What the exercise asks: Find the string "xmlns" in the records. Copy every line it appears in.

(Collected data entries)
********************

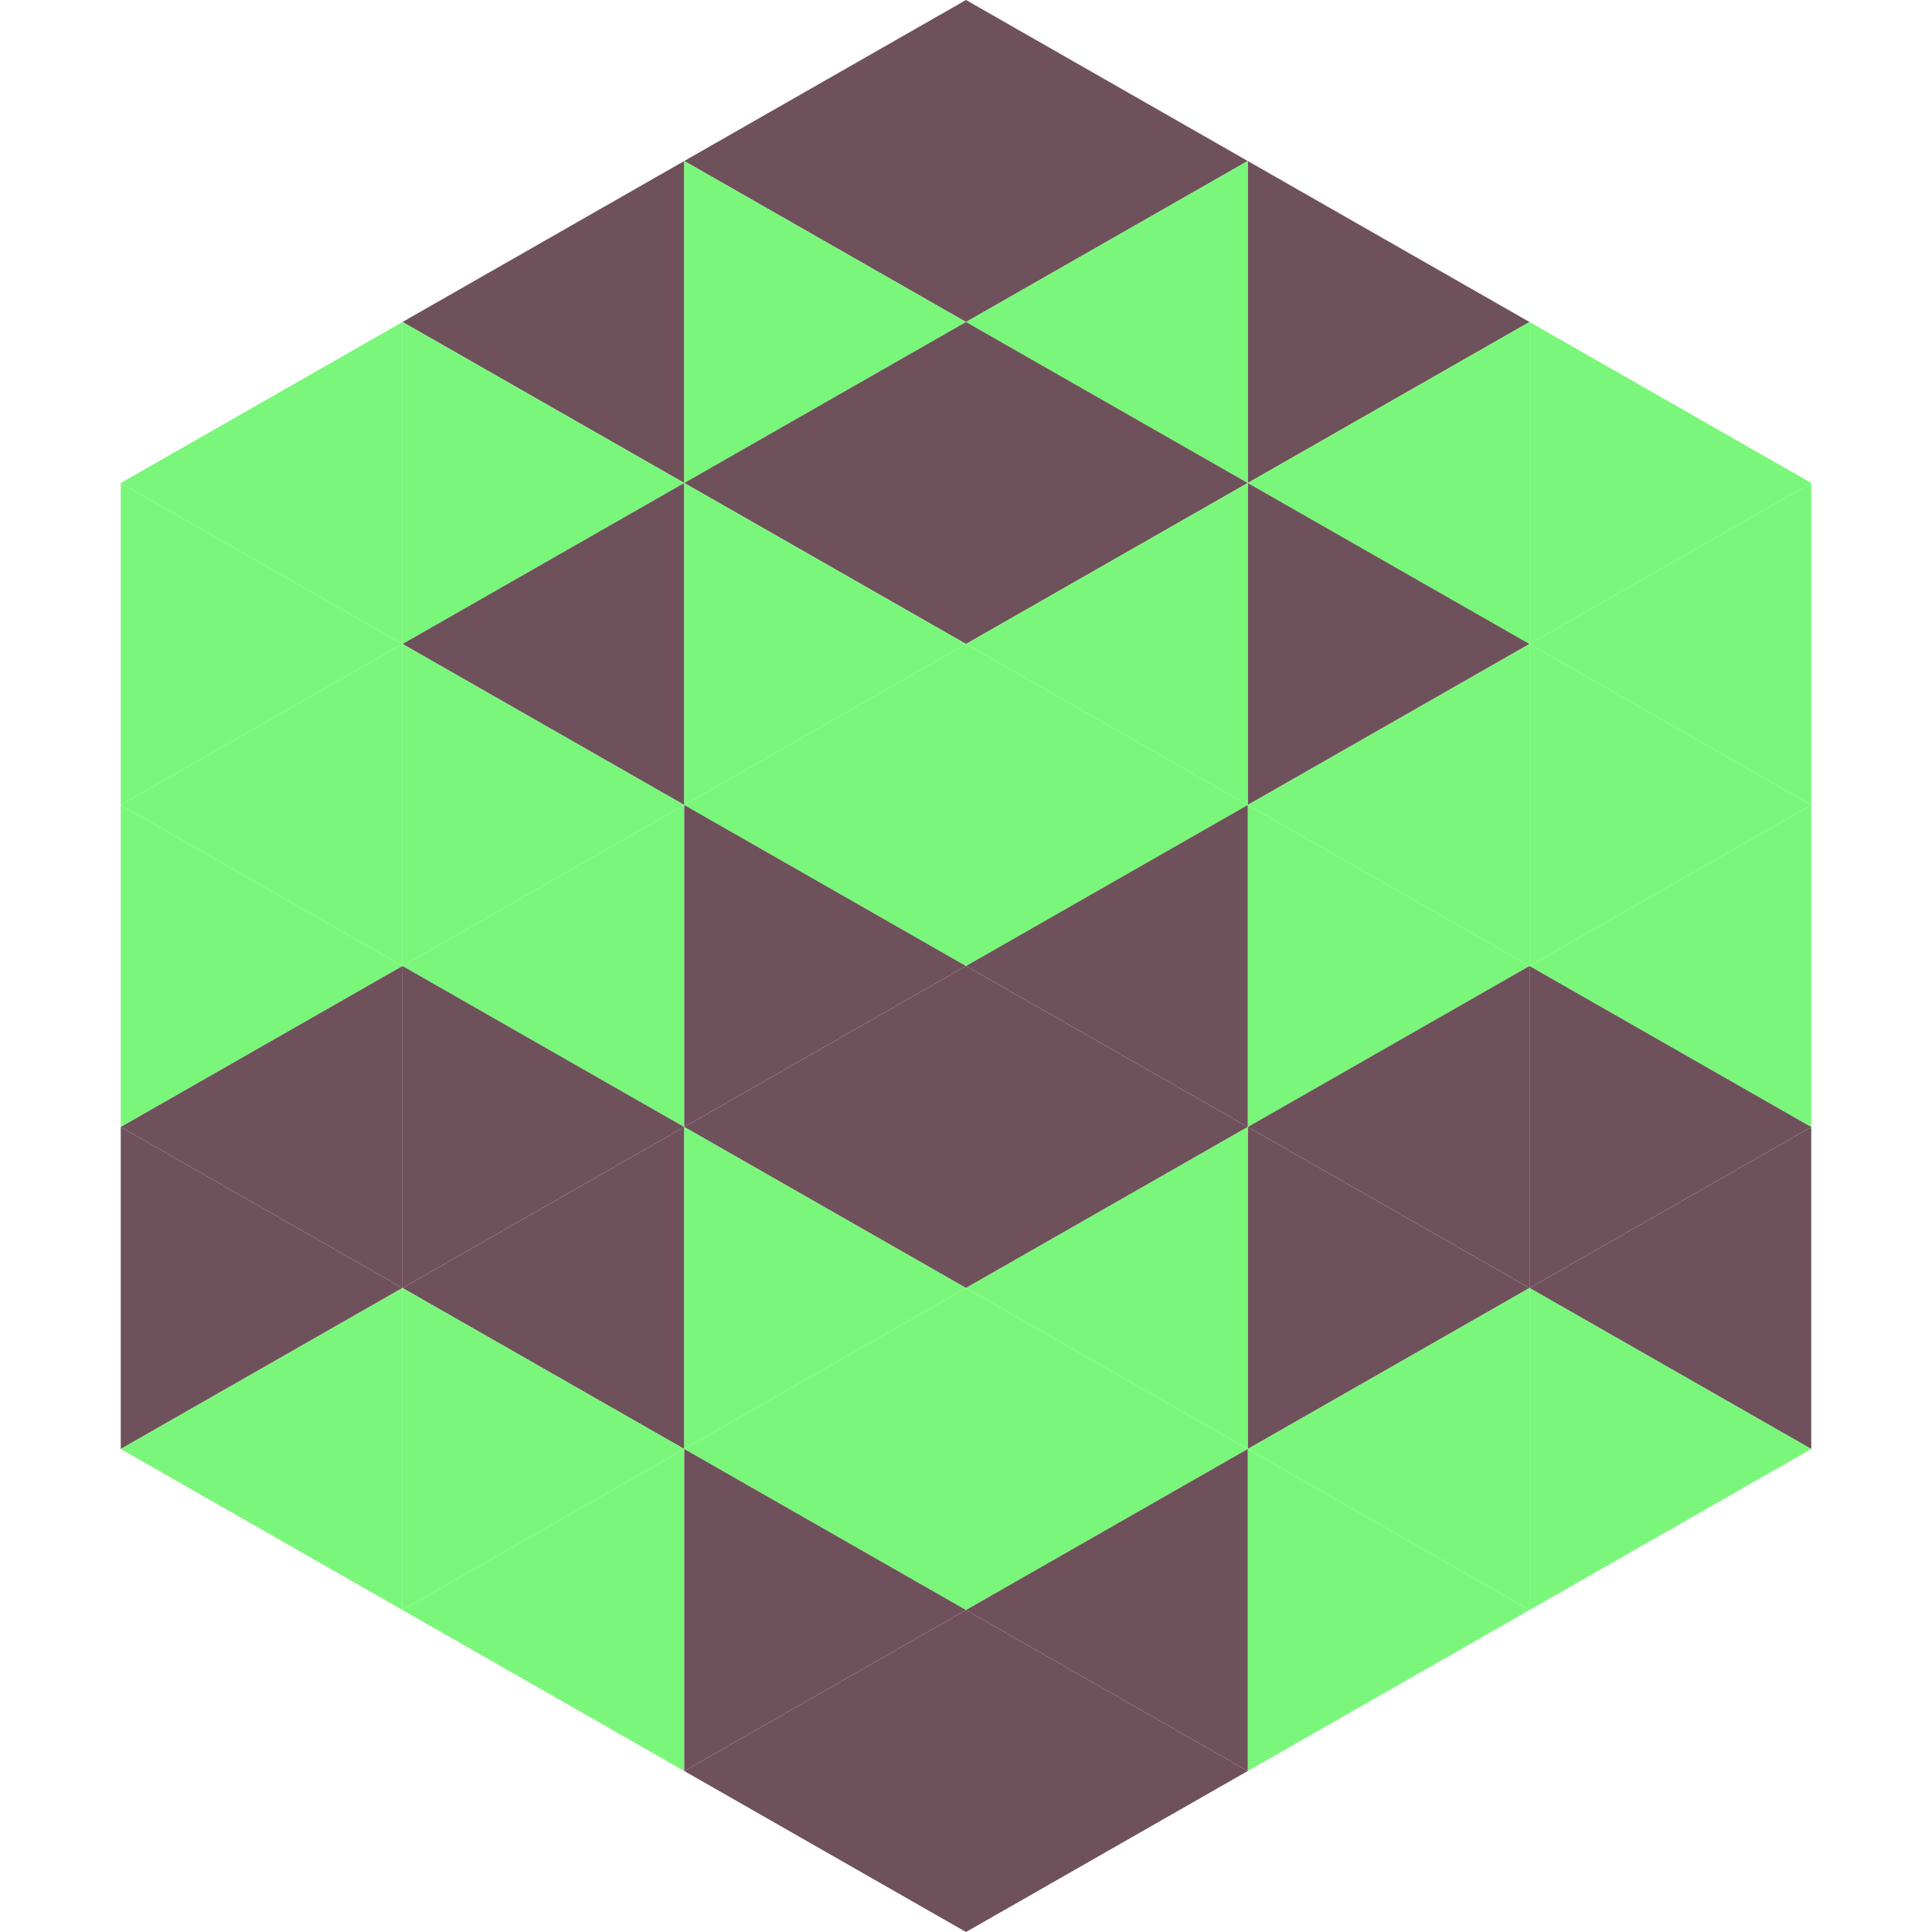 <?xml version="1.0"?>
<!-- Generated by SVGo -->
<svg width="240" height="240"
     xmlns="http://www.w3.org/2000/svg"
     xmlns:xlink="http://www.w3.org/1999/xlink">
<polygon points="50,40 15,60 50,80" style="fill:rgb(122,247,122)" />
<polygon points="190,40 225,60 190,80" style="fill:rgb(122,247,122)" />
<polygon points="15,60 50,80 15,100" style="fill:rgb(122,247,122)" />
<polygon points="225,60 190,80 225,100" style="fill:rgb(122,247,122)" />
<polygon points="50,80 15,100 50,120" style="fill:rgb(122,247,122)" />
<polygon points="190,80 225,100 190,120" style="fill:rgb(122,247,122)" />
<polygon points="15,100 50,120 15,140" style="fill:rgb(122,247,122)" />
<polygon points="225,100 190,120 225,140" style="fill:rgb(122,247,122)" />
<polygon points="50,120 15,140 50,160" style="fill:rgb(110,81,91)" />
<polygon points="190,120 225,140 190,160" style="fill:rgb(110,81,91)" />
<polygon points="15,140 50,160 15,180" style="fill:rgb(110,81,91)" />
<polygon points="225,140 190,160 225,180" style="fill:rgb(110,81,91)" />
<polygon points="50,160 15,180 50,200" style="fill:rgb(122,247,122)" />
<polygon points="190,160 225,180 190,200" style="fill:rgb(122,247,122)" />
<polygon points="15,180 50,200 15,220" style="fill:rgb(255,255,255); fill-opacity:0" />
<polygon points="225,180 190,200 225,220" style="fill:rgb(255,255,255); fill-opacity:0" />
<polygon points="50,0 85,20 50,40" style="fill:rgb(255,255,255); fill-opacity:0" />
<polygon points="190,0 155,20 190,40" style="fill:rgb(255,255,255); fill-opacity:0" />
<polygon points="85,20 50,40 85,60" style="fill:rgb(110,81,91)" />
<polygon points="155,20 190,40 155,60" style="fill:rgb(110,81,91)" />
<polygon points="50,40 85,60 50,80" style="fill:rgb(122,247,122)" />
<polygon points="190,40 155,60 190,80" style="fill:rgb(122,247,122)" />
<polygon points="85,60 50,80 85,100" style="fill:rgb(110,81,91)" />
<polygon points="155,60 190,80 155,100" style="fill:rgb(110,81,91)" />
<polygon points="50,80 85,100 50,120" style="fill:rgb(122,247,122)" />
<polygon points="190,80 155,100 190,120" style="fill:rgb(122,247,122)" />
<polygon points="85,100 50,120 85,140" style="fill:rgb(122,247,122)" />
<polygon points="155,100 190,120 155,140" style="fill:rgb(122,247,122)" />
<polygon points="50,120 85,140 50,160" style="fill:rgb(110,81,91)" />
<polygon points="190,120 155,140 190,160" style="fill:rgb(110,81,91)" />
<polygon points="85,140 50,160 85,180" style="fill:rgb(110,81,91)" />
<polygon points="155,140 190,160 155,180" style="fill:rgb(110,81,91)" />
<polygon points="50,160 85,180 50,200" style="fill:rgb(122,247,122)" />
<polygon points="190,160 155,180 190,200" style="fill:rgb(122,247,122)" />
<polygon points="85,180 50,200 85,220" style="fill:rgb(122,247,122)" />
<polygon points="155,180 190,200 155,220" style="fill:rgb(122,247,122)" />
<polygon points="120,0 85,20 120,40" style="fill:rgb(110,81,91)" />
<polygon points="120,0 155,20 120,40" style="fill:rgb(110,81,91)" />
<polygon points="85,20 120,40 85,60" style="fill:rgb(122,247,122)" />
<polygon points="155,20 120,40 155,60" style="fill:rgb(122,247,122)" />
<polygon points="120,40 85,60 120,80" style="fill:rgb(110,81,91)" />
<polygon points="120,40 155,60 120,80" style="fill:rgb(110,81,91)" />
<polygon points="85,60 120,80 85,100" style="fill:rgb(122,247,122)" />
<polygon points="155,60 120,80 155,100" style="fill:rgb(122,247,122)" />
<polygon points="120,80 85,100 120,120" style="fill:rgb(122,247,122)" />
<polygon points="120,80 155,100 120,120" style="fill:rgb(122,247,122)" />
<polygon points="85,100 120,120 85,140" style="fill:rgb(110,81,91)" />
<polygon points="155,100 120,120 155,140" style="fill:rgb(110,81,91)" />
<polygon points="120,120 85,140 120,160" style="fill:rgb(110,81,91)" />
<polygon points="120,120 155,140 120,160" style="fill:rgb(110,81,91)" />
<polygon points="85,140 120,160 85,180" style="fill:rgb(122,247,122)" />
<polygon points="155,140 120,160 155,180" style="fill:rgb(122,247,122)" />
<polygon points="120,160 85,180 120,200" style="fill:rgb(122,247,122)" />
<polygon points="120,160 155,180 120,200" style="fill:rgb(122,247,122)" />
<polygon points="85,180 120,200 85,220" style="fill:rgb(110,81,91)" />
<polygon points="155,180 120,200 155,220" style="fill:rgb(110,81,91)" />
<polygon points="120,200 85,220 120,240" style="fill:rgb(110,81,91)" />
<polygon points="120,200 155,220 120,240" style="fill:rgb(110,81,91)" />
<polygon points="85,220 120,240 85,260" style="fill:rgb(255,255,255); fill-opacity:0" />
<polygon points="155,220 120,240 155,260" style="fill:rgb(255,255,255); fill-opacity:0" />
</svg>

********************

Answer to the problem:
     xmlns="http://www.w3.org/2000/svg"
     xmlns:xlink="http://www.w3.org/1999/xlink">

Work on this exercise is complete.